Williams v. State

538 So. 2d 73 | Fla. Dist. Ct. App. | 1989

538 So. 2d 73 (1989)

Anthony Howard WILLIAMS, Appellant,
v.
STATE of Florida, Appellee.

No. 88-1017.

District Court of Appeal of Florida, Fourth District.

February 1, 1989.

Richard L. Jorandby, Public Defender, and Marcy K. Allen, Asst. Public Defender, West Palm Beach, for appellant.

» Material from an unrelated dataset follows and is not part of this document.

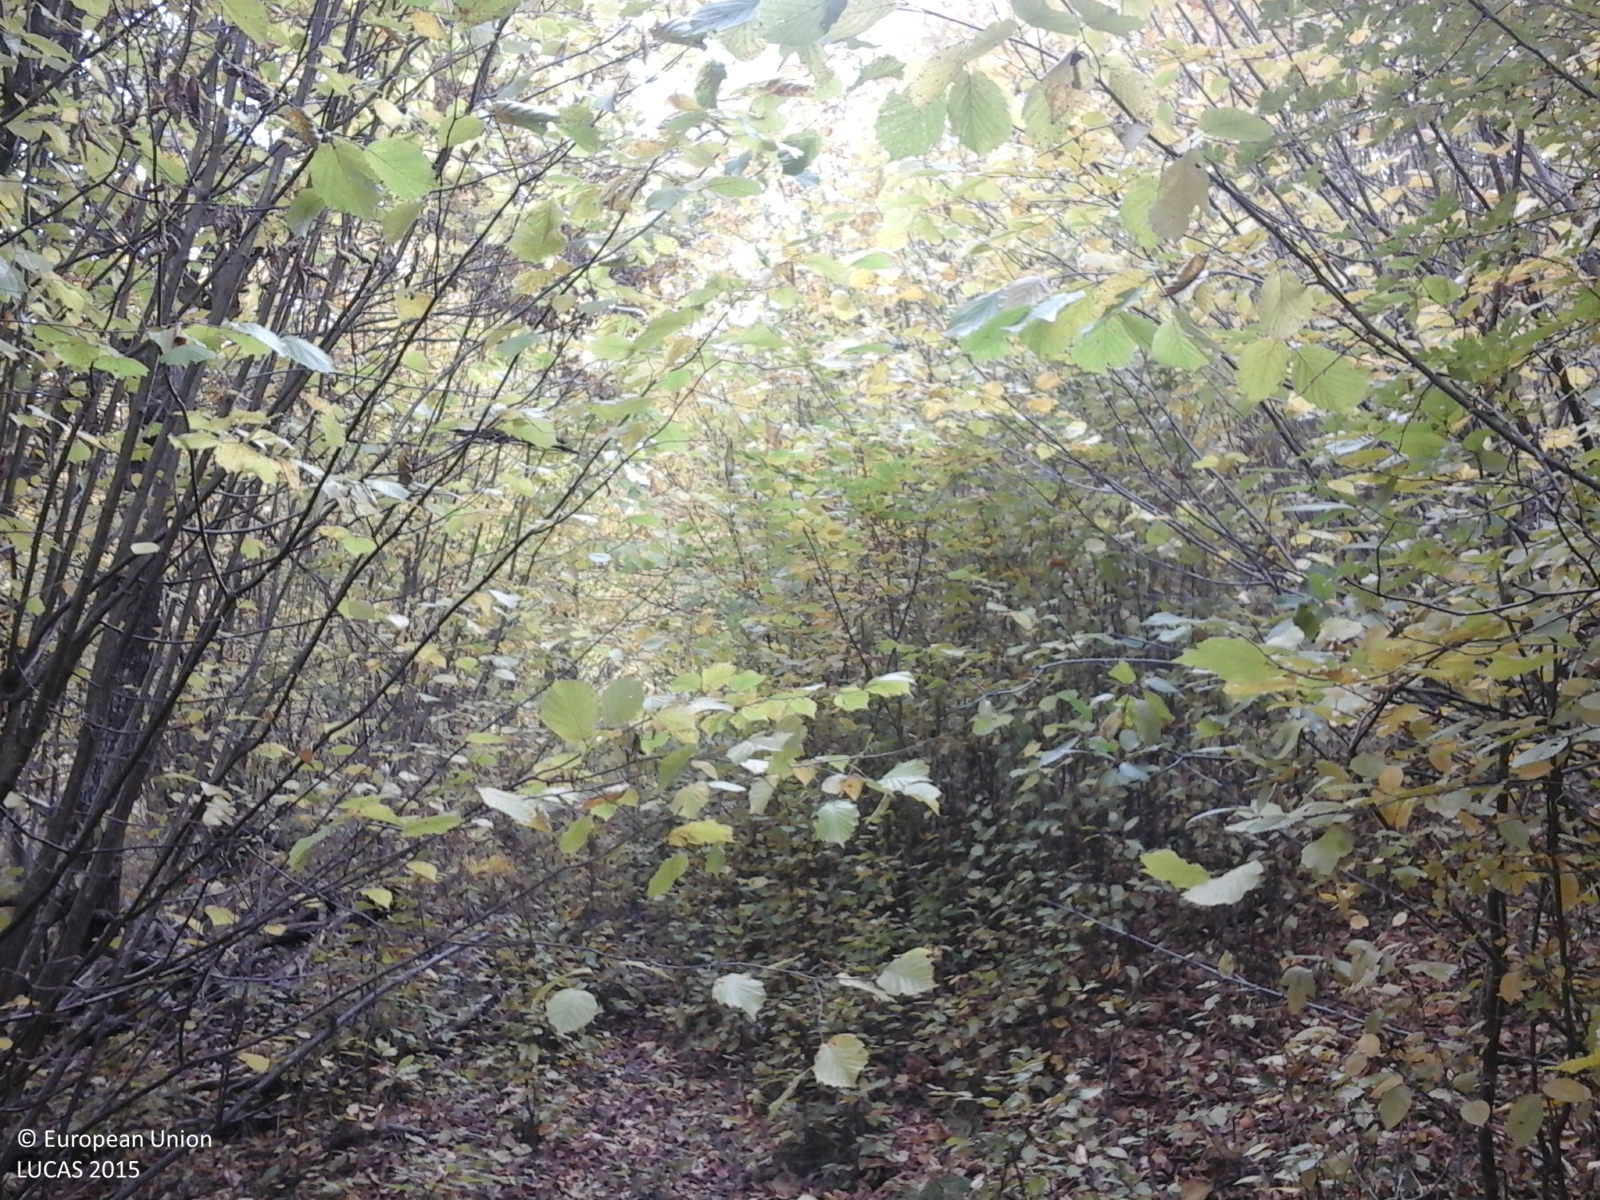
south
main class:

Robert A. Butterworth, Atty. Gen., Tallahassee, and John W. Tiedemann, Asst. Atty. Gen., West Palm Beach, for appellee.

PER CURIAM.

The defendant was charged with possession of cocaine with intent to sell. The trial court did not err in permitting the state to introduce, as relevant evidence, the cash seized in the arrest. See United States v. Cruz, 797 F.2d 90 (2d Cir.1986); United States v. Dinovo, 523 F.2d 197 (7th Cir.), cert. denied, 423 U.S. 1016, 96 S. Ct. 449, 46 L. Ed. 2d 387 (1975); §§ 90.401, 90.402, 90.403, Fla. Stat. (1987). Nor was there an abuse of discretion in finding that the prejudicial effect of admitting the evidence did not outweigh its probative value. Cf. United States v. Spell, 789 F.2d 143 (2d Cir.1986). We also find no error in allowing an officer with specialized knowledge to express his opinion on the relationship between large amounts of cash and drug transactions. Cf. Hosbein v. Silverstein, 358 So. 2d 43 (Fla. 4th DCA), cert. denied, 365 So. 2d 714 (Fla. 1978); United States v. Ginsberg, 758 F.2d 823 (2d Cir.1985); United States v. Daniels, 723 F.2d 31 (8th Cir.1983). Therefore, the judgment and sentence are affirmed.

GLICKSTEIN and STONE, JJ., concur.

WALDEN, J., dissents without opinion.